Esta questão configura expressivamente a perplexidade do homem moderno no mundo do trabalho e na vida em sociedade.

A questão moral expressa a resposta objetiva de comportamentos e atitudes em relação “ao que devo fazer”, às minhas opções éticas e idiossincrasias pessoais, ou seja, às maneiras de pensar, ver e reagir próprias de cada pessoa.
É a dimensão normativa, relacionada aos valores, às crenças, à mentalidade e ao caráter. Trata do que “eu sou”, indivíduo como pessoa.

Já a questão econômica se relaciona “ao que posso possuir”, ao que tenho para desfrutar, poupar e consumir.

Ninguém escapa desse círculo de circunstâncias da moral e do mercado. Participamos dele cotidianamente, daí porque não cessamos de nos indagar sobre sua legitimidade e moralidade, sobre o justo e o injusto, sobre o ético e o aético, sobre o peso de suas humanidades e desumanidades.

O mundo das organizações é cada vez mais sensível a essa dicotomia – moral x econômico. O bem, no sentido moral, nem sempre se coaduna aos bens, no sentido econômico.

O que fazer para compatibilizá-los? Que ações objetivas devem ser empreendidas pelas organizações na busca desse propósito?
A resposta tem sido o foco crescente na responsabilidade social, na sustentabilidade, na ética empresarial, na empresa-cidadã, no respeito ao cliente. Não há dúvidas de que a questão moral está na crista das ondas.

É tema de preocupação de quaisquer fóruns de discussão, de crescente atualidade na imprensa em geral, no mundo acadêmico, nas lides políticas e classistas, na realidade empresarial.

Será que os jovens de hoje, conhecidos como da Geração Y e Z, constituem uma nova geração – a geração moral – diferente de 1960-1970, eminentemente mobilizada pela utopia política?
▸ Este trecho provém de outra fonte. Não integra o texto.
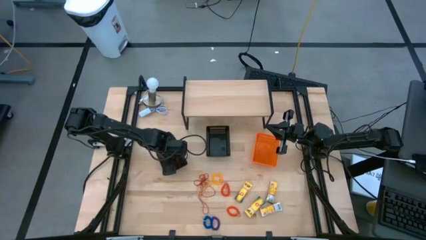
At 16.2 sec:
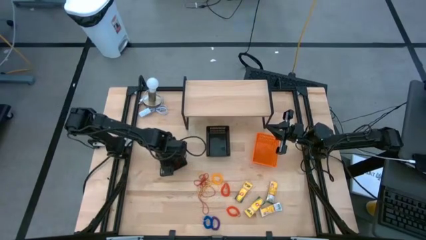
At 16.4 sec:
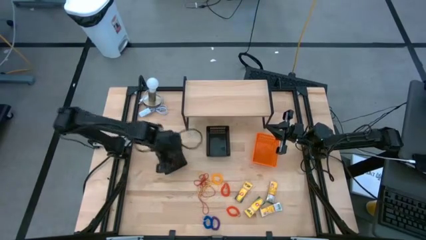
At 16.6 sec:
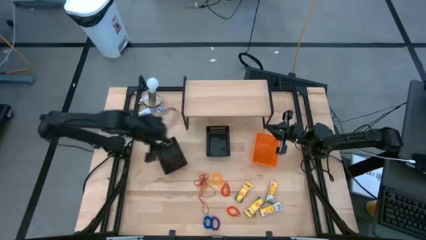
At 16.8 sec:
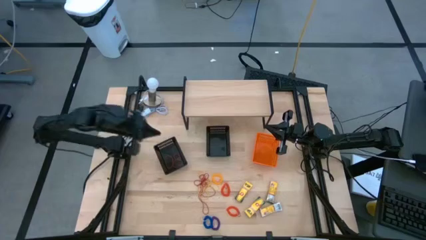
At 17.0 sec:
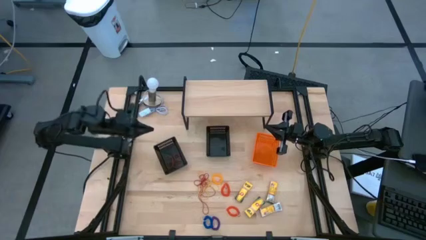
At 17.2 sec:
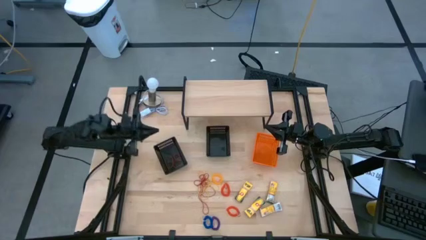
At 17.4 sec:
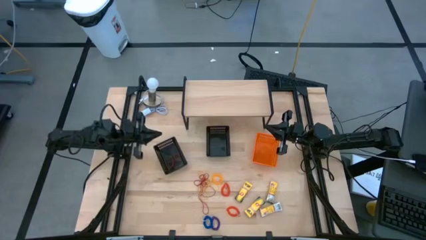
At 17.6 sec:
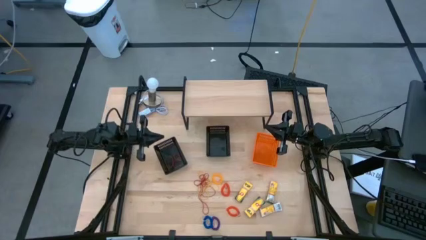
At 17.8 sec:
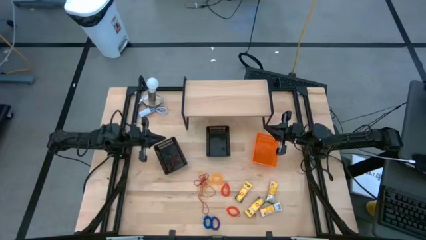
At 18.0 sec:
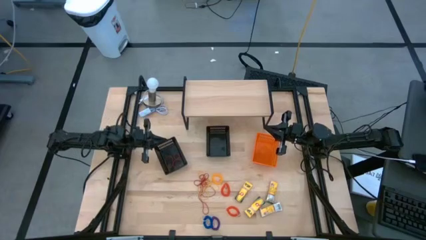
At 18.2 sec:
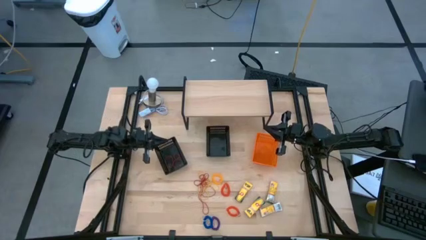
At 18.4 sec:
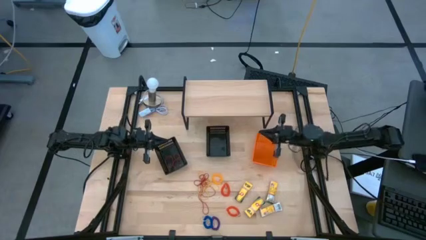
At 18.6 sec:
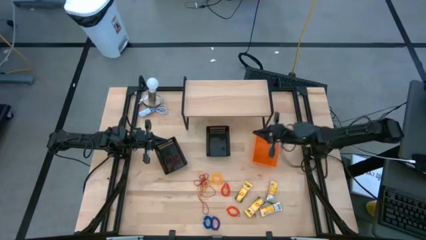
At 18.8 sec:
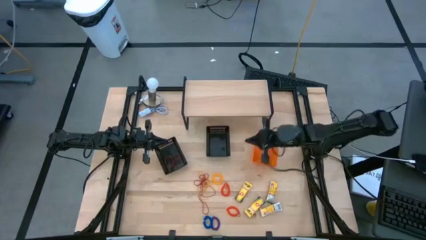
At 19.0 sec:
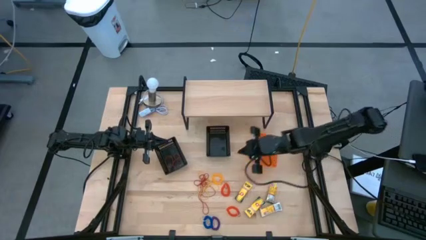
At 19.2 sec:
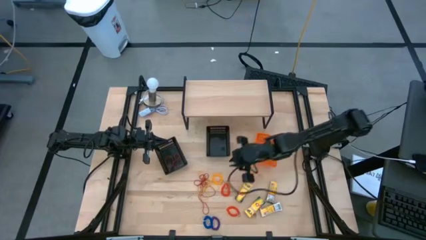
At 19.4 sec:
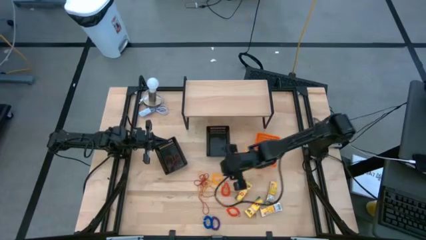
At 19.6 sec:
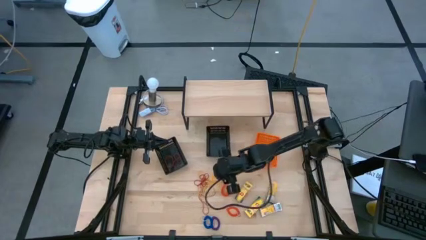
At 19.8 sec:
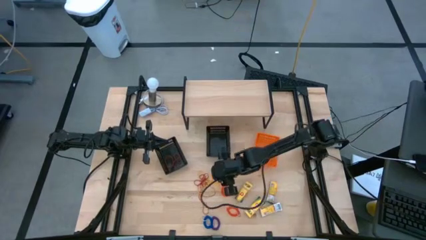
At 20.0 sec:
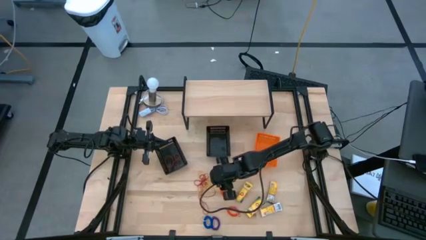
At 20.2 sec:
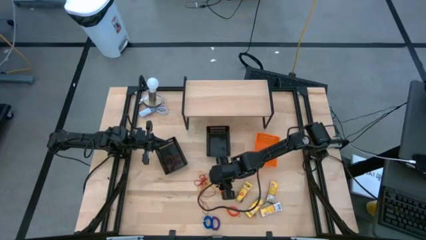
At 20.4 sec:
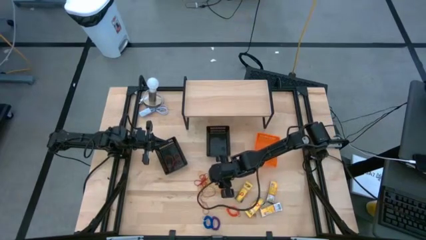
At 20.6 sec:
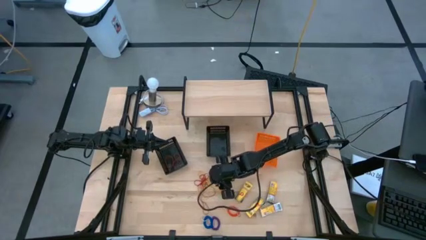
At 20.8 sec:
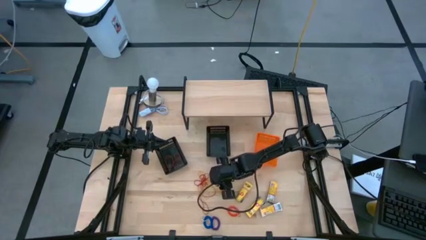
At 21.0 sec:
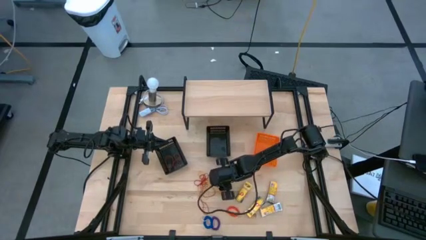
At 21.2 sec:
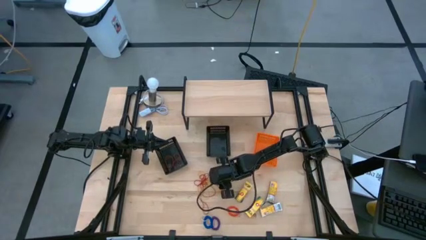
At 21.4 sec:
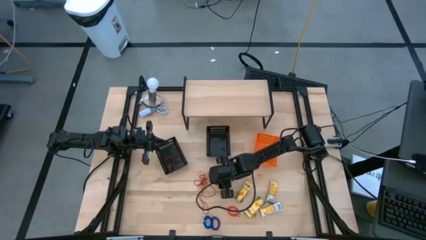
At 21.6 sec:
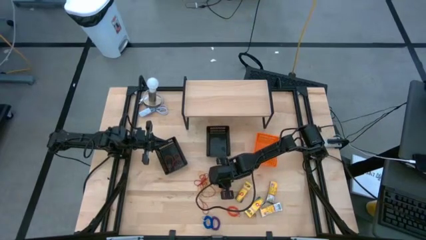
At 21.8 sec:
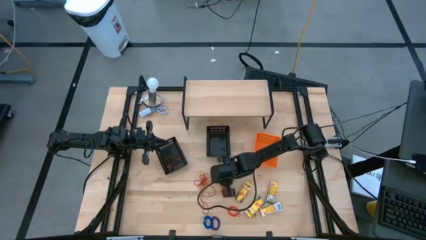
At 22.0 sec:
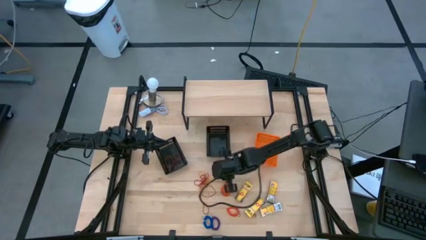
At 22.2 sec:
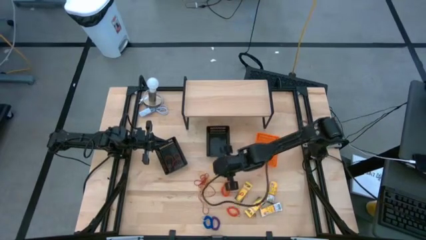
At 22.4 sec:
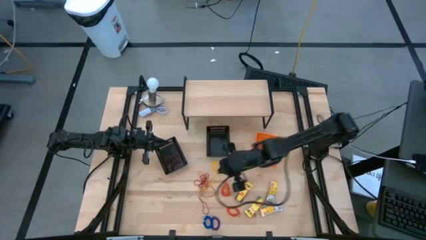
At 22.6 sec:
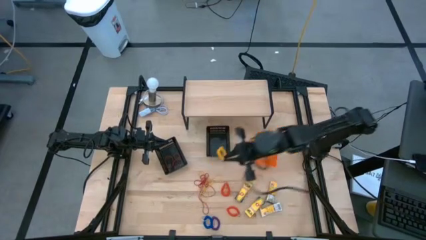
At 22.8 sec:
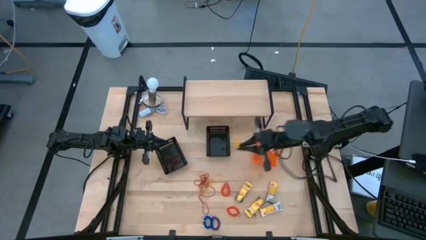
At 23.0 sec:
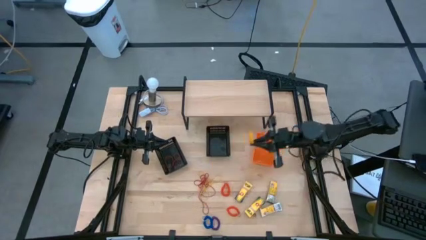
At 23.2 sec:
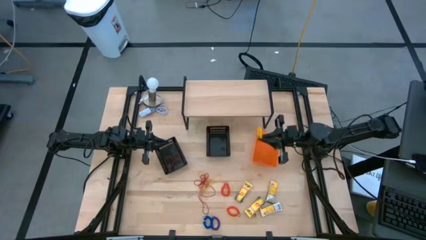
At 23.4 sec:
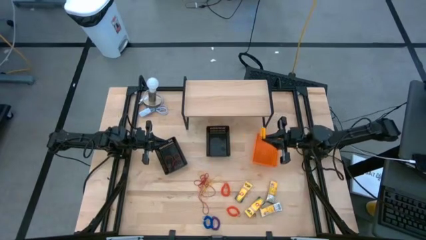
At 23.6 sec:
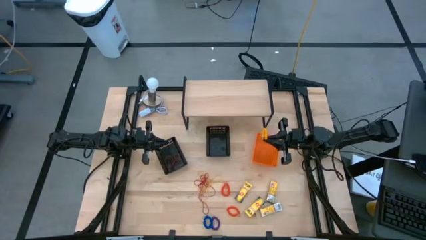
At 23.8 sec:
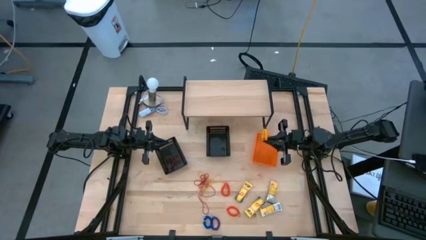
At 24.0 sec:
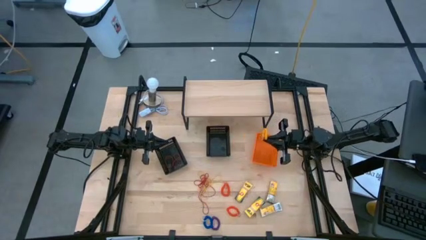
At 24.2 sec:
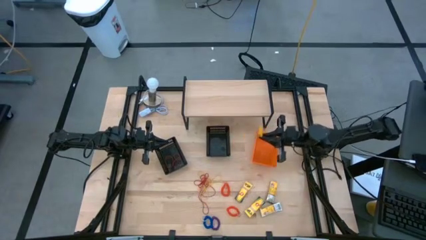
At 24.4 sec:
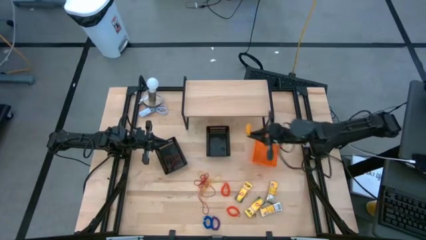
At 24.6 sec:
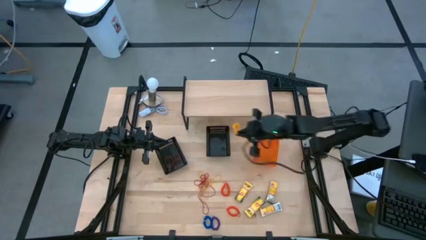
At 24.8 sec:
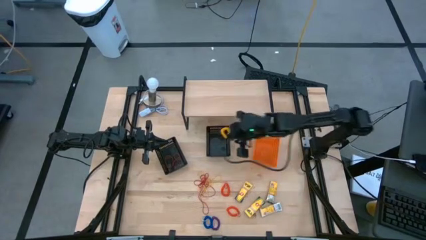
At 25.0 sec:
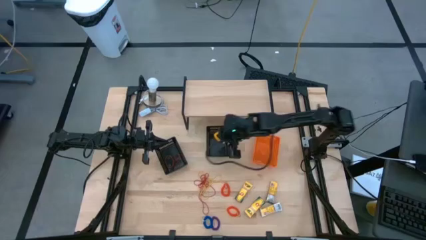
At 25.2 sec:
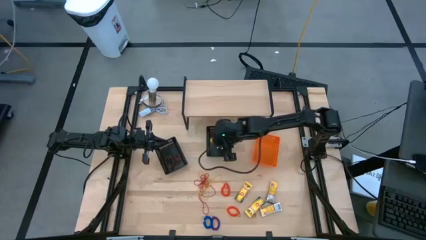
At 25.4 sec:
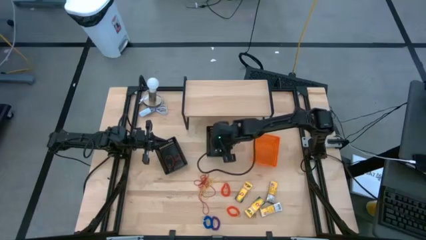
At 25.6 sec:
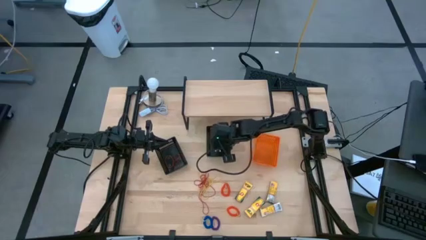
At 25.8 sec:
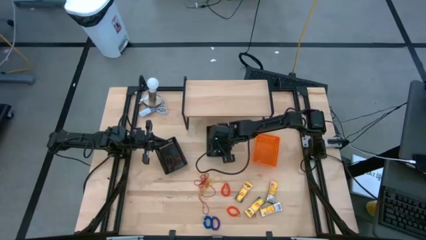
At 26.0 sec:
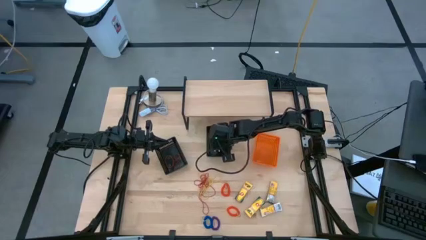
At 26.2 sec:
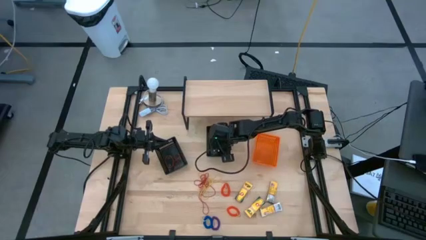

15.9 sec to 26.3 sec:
Task: Pick & Place Office Desk Supplies
Put the yellow spring keychain into the right black basket

Para a geração dos “Anos Dourados”, a geração do movimento estudantil de 68, a utopia política fazia às vezes da moral. Para a geração atual, que ingressa mo mercado de trabalho, será que a moral substitui a política? 

Enfim, a questão moral se instalou no cerne dos debates. Tornou-se o tema da moda. E o tema na moda tanto se valoriza que se transforma em virtude. No entanto, no mais das vezes, a virtude da moda costuma resvalar para a hipocrisia.
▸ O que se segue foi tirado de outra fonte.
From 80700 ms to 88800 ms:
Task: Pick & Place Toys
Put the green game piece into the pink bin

Será mesmo que as empresas, entes essencialmente econômicos, transformam-se, pouco a pouco, em organizações morais? Será que, efetivamente, exercitam a aristocracia da virtude quando propugnam pela ética empresarial e se aplicam no desempenho de programas de responsabilidade social, desenvolvimento sustentável e empresa-cidadã?

Estamos no limiar de um novo tempo de respeito ao próximo ou vivenciamos a hipocrisia do superficialismo humanista?

01/08/16

moral

Uma empresa não tem moral: ela tem custos e clientes, tem lucro. Não tem deveres éticos: tem interesses e obrigações. 

Não tem sentimento, não tem ética, não tem amor ao próximo: só tem objetivos e um balanço a apresentar.

É óbvio: não há moral empresarial, nem ética empresarial. Mais precisamente, porque não existe moral da empresa. 

Deve haver moral na empresa, constituída permanentemente pela intermediação das pessoas que nela trabalham e que a dirigem.

E assim também para ética: pelo fato de a empresa não ter ética é que aqueles que nela trabalham e que a dirigem têm de ter uma.

Não contemos com a empresa para ser moral e ética em nosso lugar.